**Your objective**
Your task is to repeat the records exactly from the line containing "17.73H43.64C48.41 17.73 52.28" onward, through the final line.

**Dataset content**
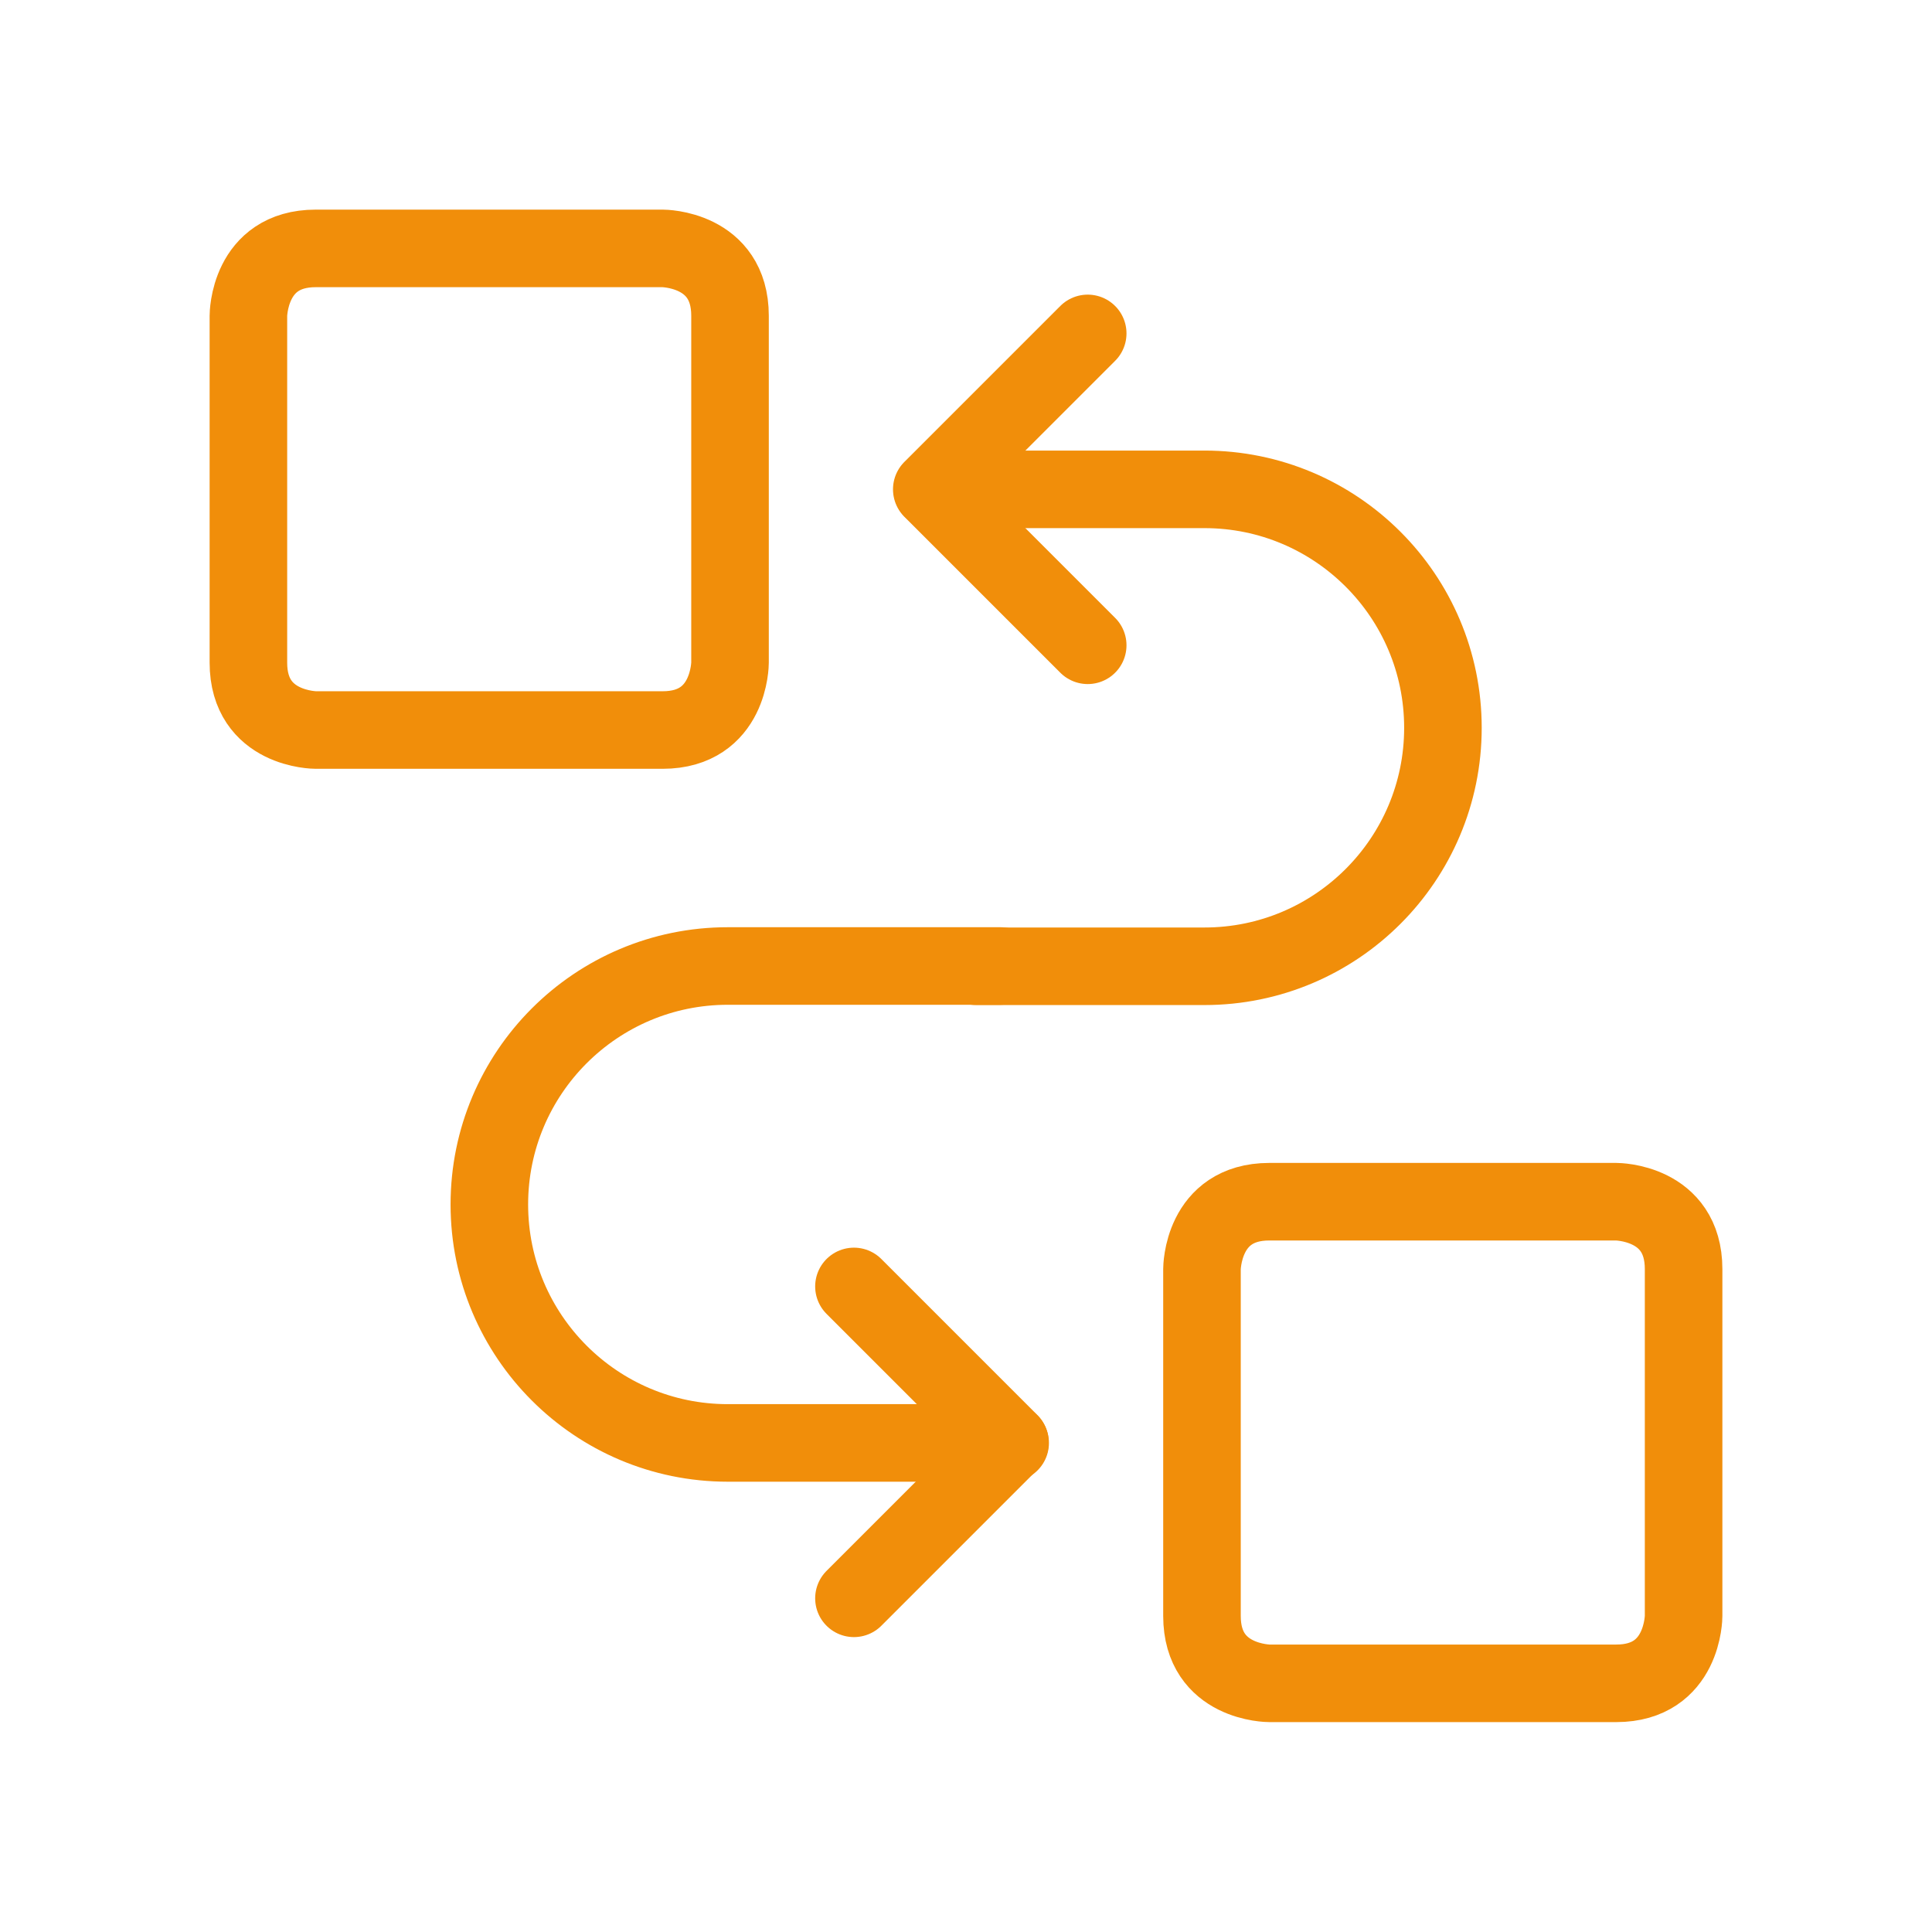 <svg width="70" height="70" viewBox="0 0 70 70" fill="none" xmlns="http://www.w3.org/2000/svg">
<path d="M45.99 43.54H58.56C58.56 43.54 61 43.54 61 45.98V58.55C61 58.55 61 60.99 58.56 60.99H45.99C45.99 60.99 43.55 60.99 43.55 58.55V45.98C43.55 45.98 43.55 43.54 45.99 43.54Z" stroke="#F18E0A" stroke-width="2.81" stroke-linecap="round" stroke-linejoin="round"/>
<path d="M11.44 9H24.01C24.01 9 26.45 9 26.45 11.44V24.01C26.45 24.01 26.45 26.45 24.01 26.45H11.44C11.44 26.45 9 26.45 9 24.01V11.44C9 11.44 9 9 11.44 9Z" stroke="#F18E0A" stroke-width="2.81" stroke-linecap="round" stroke-linejoin="round"/>
<path d="M33.78 17.73H43.64C48.41 17.73 52.28 21.6 52.28 26.37C52.28 31.14 48.41 35.01 43.64 35.01H35.37" stroke="#F18E0A" stroke-width="2.81" stroke-linecap="round" stroke-linejoin="round"/>
<path d="M36.25 35H26.37C21.6 35 17.73 38.87 17.73 43.64C17.73 48.41 21.6 52.28 26.37 52.28H36.6" stroke="#F18E0A" stroke-width="2.81" stroke-linecap="round" stroke-linejoin="round"/>
<path d="M39.41 12.08L33.76 17.73L39.41 23.38" stroke="#F18E0A" stroke-width="2.81" stroke-linecap="round" stroke-linejoin="round"/>
<path d="M30.94 57.91L36.59 52.26L30.94 46.61" stroke="#F18E0A" stroke-width="2.81" stroke-linecap="round" stroke-linejoin="round"/>
</svg>

**Solution for this exercise**
<path d="M33.78 17.73H43.64C48.41 17.73 52.28 21.6 52.28 26.37C52.28 31.14 48.41 35.01 43.64 35.01H35.37" stroke="#F18E0A" stroke-width="2.81" stroke-linecap="round" stroke-linejoin="round"/>
<path d="M36.25 35H26.37C21.6 35 17.73 38.87 17.73 43.64C17.73 48.41 21.6 52.28 26.37 52.28H36.6" stroke="#F18E0A" stroke-width="2.81" stroke-linecap="round" stroke-linejoin="round"/>
<path d="M39.41 12.08L33.76 17.73L39.41 23.38" stroke="#F18E0A" stroke-width="2.81" stroke-linecap="round" stroke-linejoin="round"/>
<path d="M30.94 57.91L36.59 52.26L30.94 46.61" stroke="#F18E0A" stroke-width="2.81" stroke-linecap="round" stroke-linejoin="round"/>
</svg>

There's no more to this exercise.